On 4 March 2024 at Gartner’s UK Identity & Access Management Summit, Simon Langley, ASDA’s Chief Information Security Officer (CISO) joined Steve Bradford, SailPoint Senior Vice President (SVP) on stage for a discussion around how to successfully implement a strong identity security program.
In an engaging Q&A, Simon shares how his team matched the pace and velocity of a changing identity landscape and digital ecosystem, all while continuing to enable the business. He also revealed how, as one of the UK’s largest supermarket retailers, ASDA implemented a robust identity program designed to help improve compliance, user experience, and employee lifecycle management across 138,000 users, outlining key steps and pitfalls to avoid along the way.
Read on to discover ASDA’s successful transformation journey to a unified identity security program.
Hi Simon, thanks so much for taking the time to share your story. Let’s begin with the basics: please give us a little background on the ASDA brand.
ASDA is Britain’s third-largest supermarket chain, with around 829 stores and £20.4 billion in revenue. We’re a longstanding company based in Leeds in the UK, and we were previously owned by Walmart before a takeover in 2021.
Walmart is an enormous organisation with annual revenues of about half a trillion. It does lots of things very well, but its size can also breed inflexibility and you often simply have to follow what the leadership tells you to. That meant at ASDA, we had little freedom to manage our own identities or IT infrastructure. Now that we’ve separated from Walmart, we’ve been effectively building new infrastructure from scratch, which is a big ask for a £20bn company.
Could you tell us more about the demerger from Walmart, and where you are in your identity program today?

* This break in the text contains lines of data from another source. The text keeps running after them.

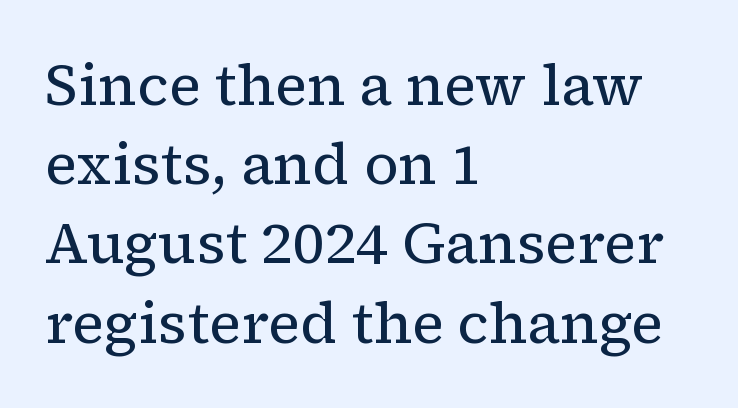
The characters are drawn with everyday or finer stroke widths. A typesetter would call this zero additional tracking. Alignment: flush left. You could not count columns in this text — the font is proportionally spaced. The characters display serif detailing at their extremities.
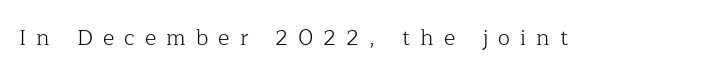
Q: Is the text bold? A: No.
Q: Is the text italic (slanted)? A: No, it is upright.
Q: Is the text underlined? A: No.
Q: Is the spacing between letters normal or unusually wide? A: Unusually wide.
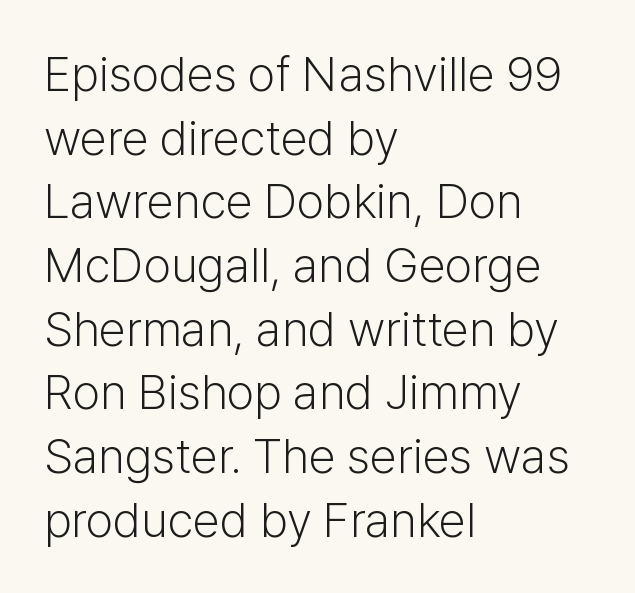
Reading down the column, the eye jumps a familiar distance to each next line. No italicization has been applied; the sample stays upright. The glyphs in this specimen are sans serif. The font sits on the lighter half of the weight spectrum, regular included.
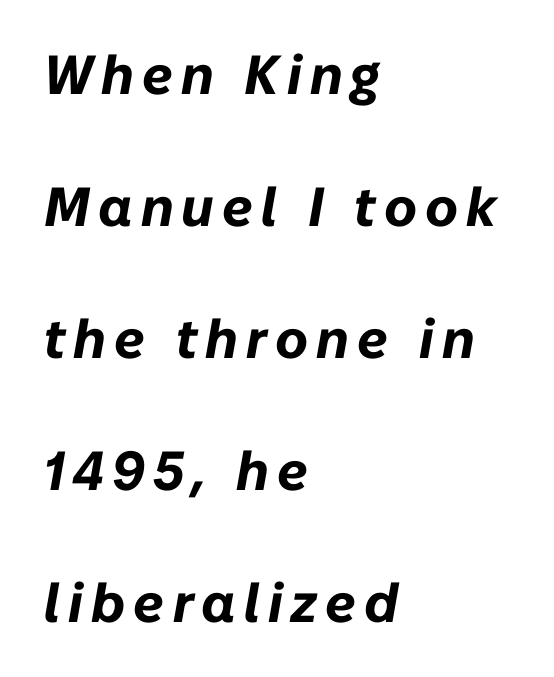
Q: Is the text bold? A: Yes.
Q: Is the text italic (slanted)? A: Yes, it leans right by about 10 degrees.
Q: Is the text underlined? A: No.
Q: How is the paragraph aligned? A: Left-aligned.
Q: Is the spacing between lines tight, normal or loose? A: Loose.
Q: Width (condensed, normal, or wide)? A: Normal.
Q: Stroke contrast? A: Low.
Q: x-height? A: Medium.
Q: Monospaced? A: No.

Of course. Previously, our identities were all Walmart identities, part of their on-premises active directory (AD) forest. So, when we left, we had to set up a completely new identity for each employee – all 138,000 – the majority of which are frontline staff, people in shops and warehouses, and so on. We also have around 6,000 contractors, which we manage on a separate system. Today, all of these people are now logged into Workday, integrated with SailPoint, and SailPoint ServiceNow for request management and more.
Most of our products today are cloud-based rather than on-premises. Similarly, many businesses across Europe are shifting to the cloud for a variety of reasons – could you tell me what was behind ASDA’s decision to do so?

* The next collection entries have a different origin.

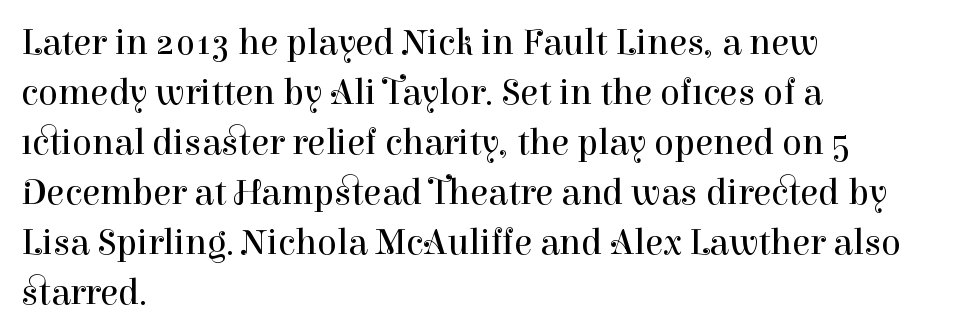
Q: Is the text bold? A: No.
Q: Is the text italic (slanted)? A: No, it is upright.
Q: Is the typeface a serif or a sans-serif typeface? A: Serif.
Q: Is the text underlined? A: No.
Q: How is the paragraph aligned? A: Left-aligned.
Q: Is the spacing between letters normal or unusually wide? A: Normal.
Q: Is the spacing between lines tight, normal or loose? A: Normal.
Q: Width (condensed, normal, or wide)? A: Normal.
Q: Stroke contrast? A: High.
Q: x-height? A: Medium.
Q: Monospaced? A: No.
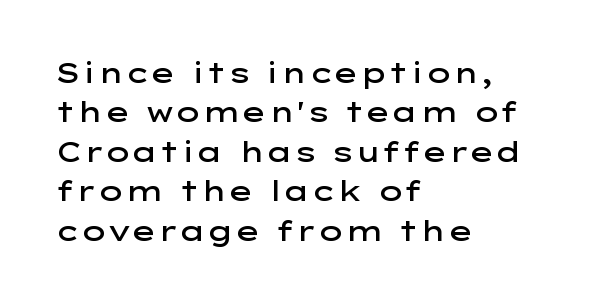
The image shows 28 px semibold, wide sans-serif type, upright; set left-aligned, normal line spacing (1.41x), normal letter spacing, not underlined; low stroke contrast and a medium x-height.
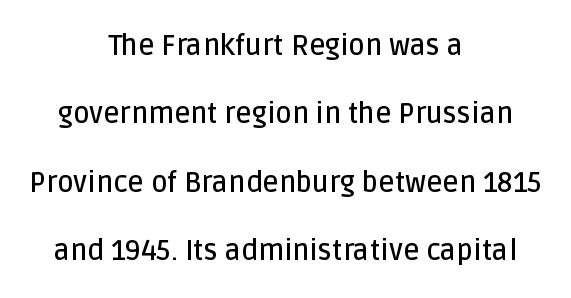
{"serif": "no", "italic": "no", "bold": "semi", "weight": "semibold", "width": "normal", "stroke_contrast": "low", "x_height": "large", "monospaced": "no", "underline": "no", "align": "center", "line_spacing": "loose", "line_spacing_ratio": 2.44, "letter_spacing": "normal", "letter_spacing_em": 0.0, "glyph_px": 28}

Lots of organisations today talk about being cloud-first, but we made a conscious decision to become almost cloud-only. The cloud offered an interesting opportunity for us to completely reshape our identity management – it was like a greenfield site for a £20bn company.
Early on, we decided we didn’t want to tie ourselves down to infrastructure, so this immediately lent itself to using software as a service (SaaS) or cloud-hosted solutions. Then, looking back to my experience as CISO and sponsor for the identity program at (UK supermarket) Morrison’s, we looked at SailPoint solution as a potential tool. Fast forward, I realised that it fit perfectly with ASDA’s new infrastructure and the future of where we’re heading. So, we went with SailPoint Identity Security Cloud and so far, integration has been straightforward – it’s gone really great.

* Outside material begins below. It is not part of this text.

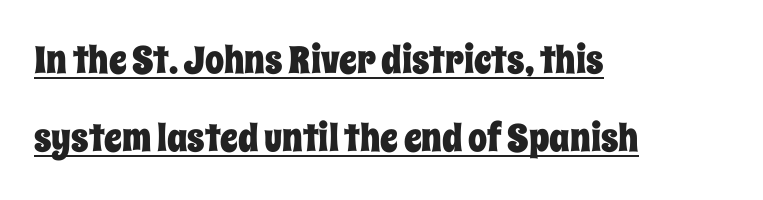
The lines in this sample share a left origin and differ only in where they stop. Interline gaps are noticeably wide in this sample. You can tell it's not italic because the verticals are truly vertical. Quick note: underline on. Inter-character spacing is left at the font's built-in metrics. The face used here is proportionally spaced, like ordinary book or web type.
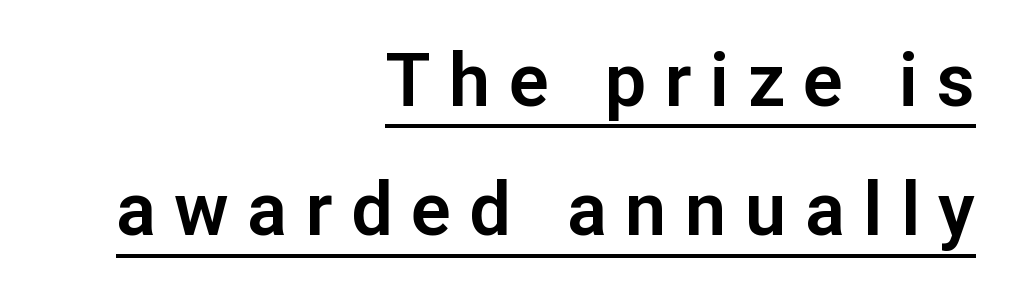
{"serif": "no", "italic": "no", "width": "normal", "stroke_contrast": "low", "x_height": "medium", "monospaced": "no", "underline": "yes", "align": "right", "line_spacing_ratio": 1.75, "letter_spacing": "wide", "letter_spacing_em": 0.25, "glyph_px": 74}

What was the sign-off process and the building of the business case like for your new identity program? Are you being held accountable for whether you’ve achieved your initial goals?
It was important to me to make sure we had the right funding upfront, so I had to clearly demonstrate the value of what it is we’re delivering and to keep the board informed.
We have a monthly security government forum where I present and report on all sorts of security risks. Fortunately, senior colleagues haven’t been too picky regarding progress against my program scope, and only really want to hear about anything that could go wrong and the plans to mitigate against it. It’s really been about risks and issues and expanding on progress, rather than having to answer to what we’ve done.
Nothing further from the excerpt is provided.